A t-test is another hypothesis test used to determine if there is a statistically significant relationship between the independent and dependent variables. The population correlation coefficient \(\rho\) (this is the Greek letter rho, which sounds like “row” and is not a \(p\)) is the correlation among all possible pairs of data values \((x, y)\) taken from a population.
We will only be using the two-tailed test for a population correlation coefficient \(\rho\). The hypotheses are:
\(H_{0}: \rho = 0\)
\(H_{1}: \rho \neq 0\)
The null hypothesis of a two-tailed test states that there is no correlation (there is no linear relation) between \(x\) and \(y\). The alternative hypothesis states that there is a significant correlation (there is a linear relation) between \(x\) and \(y\).

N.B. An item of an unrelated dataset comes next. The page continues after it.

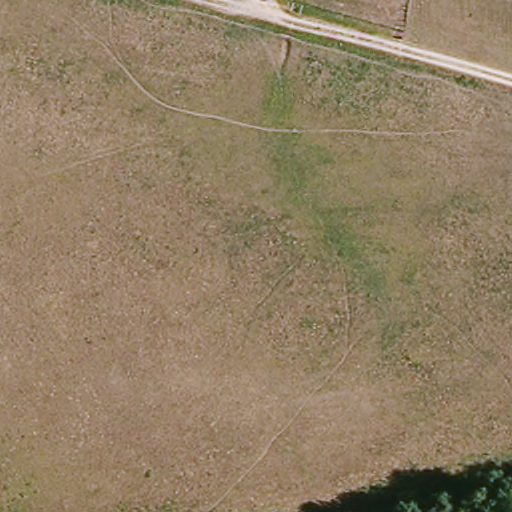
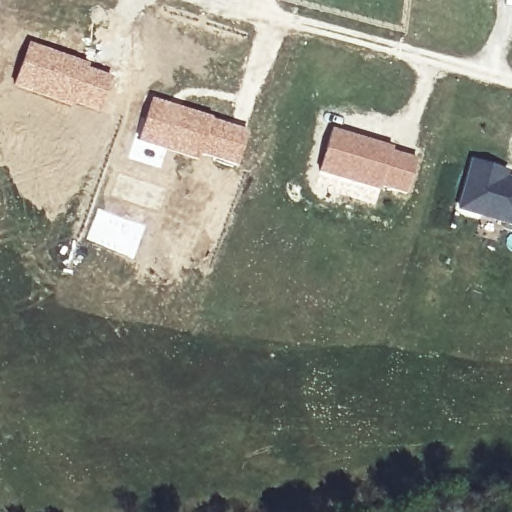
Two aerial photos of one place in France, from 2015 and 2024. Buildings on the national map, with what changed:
new [(28,42),(77,60),(112,79),(97,115),(12,86),(28,42)]
new [(151,98),(204,115),(247,131),(237,166),(199,155),(197,160),(137,140),(151,98)]
new [(331,129),(381,144),(418,161),(406,195),(380,187),(378,192),(317,174),(331,129)]
new [(471,156),(512,171),(512,226),(455,211),(471,156)]

The t-test is a statistical test for the correlation coefficient. It can be used when \(x\) and \(y\) are linearly related, the variables are random variables, and when the population of the variable \(y\) is normally distributed.
The formula for the t-test statistic is \(t = r \sqrt{\left( \dfrac{n-2}{1-r^{2}} \right)}\).

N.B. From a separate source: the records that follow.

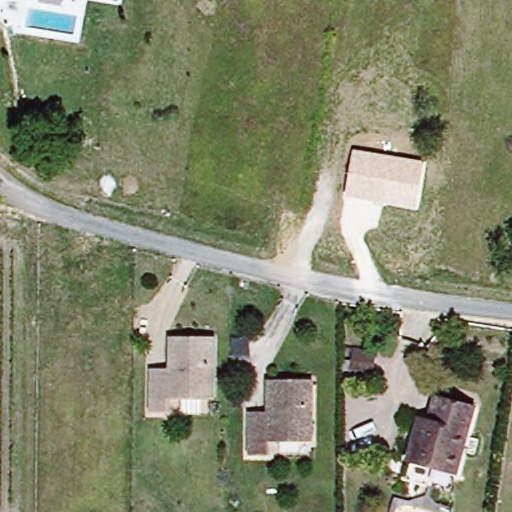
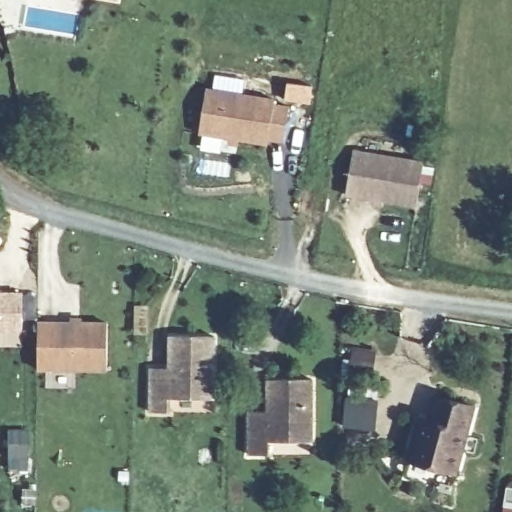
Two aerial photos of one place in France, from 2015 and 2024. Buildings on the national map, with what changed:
new [(208,93),(276,105),(275,110),(291,112),(285,146),(269,144),(269,149),(201,137),(208,93)]
unchanged [(351,150),(423,163),(415,208),(344,196),(351,150)]
new [(22,292),(22,330),(0,330),(0,292),(22,292)]
new [(37,322),(107,323),(106,369),(36,368),(37,322)]
unchanged [(150,368),(168,367),(170,336),(216,336),(215,396),(172,396),(172,413),(148,411),(150,368)]
unchanged [(374,369),(371,386),(347,382),(350,365),(374,369)]
unchanged [(312,385),(311,446),(267,447),(268,460),(248,460),(248,417),(266,417),(267,385),(312,385)]
unchanged [(473,407),(455,473),(407,460),(418,419),(427,421),(434,397),(473,407)]

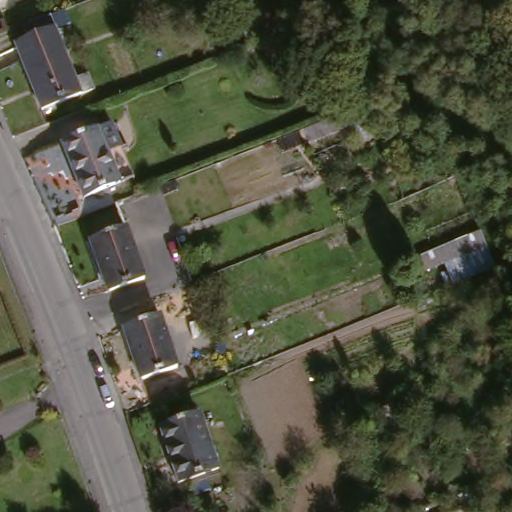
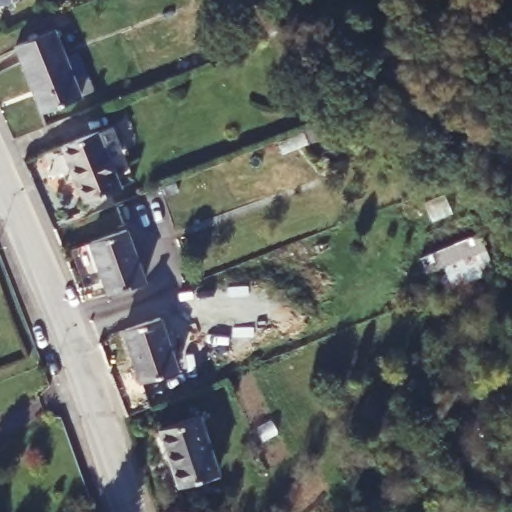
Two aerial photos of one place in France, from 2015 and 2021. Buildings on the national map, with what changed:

Use the t-distribution with degrees of freedom equal to \(df = n - 2\).
Where,
- \(r\) = correlation coefficient
- \(n\) = sample size (number of pairs)
Note the \(df = n - 2\) since we have two variables, \(x\) and \(y\).
Examples
Professor Martinez is conducting a study to understand the relationship between the number of hours students study per week and their performance on the midterm exam in Math 400, an advanced calculus course at the university. She collects data from 8 randomly selected students in her class. The exam is out of 100 points, and time is measured in hours per week. Test for correlation using an \(\alpha = 0.05\).
Click on this link for the t-distribution table to locate the critical values.
| x: Hours Studied Per Week | y: Midterm Exam Score (out of 100 points) |
|---|---|
| 10 | 51 |
| 10 | 53 |
| 12 | 64 |
| 13 | 68 |
| 14 | 71 |
| 15 | 79 |
| 16 | 84 |
| 20 | 92 |
Table \(\PageIndex{1}\): Hours Studied Per Week and Midterm Exam Score
Solution
- Write out the claim and the null and alternative hypotheses.
\(H_0: \rho = 0\) Claim
\(H_1: \rho \neq 0\)
- Look up the critical values using the t-table and the given \(\alpha\ = 0.05).
Since \(n\) represents the number of pairs, which is 8, then \(d.f. = 8 - 2 = 6\). Using the table for t-values and two tails, the critical values are \(\pm 2.447\).
- Compute the test point using the formula, a calculator, or another technology.
The value of \(r = 0.976\) can be calculated using a calculator or a formula. Also, \(n\) = 8. Plug this information into the formula.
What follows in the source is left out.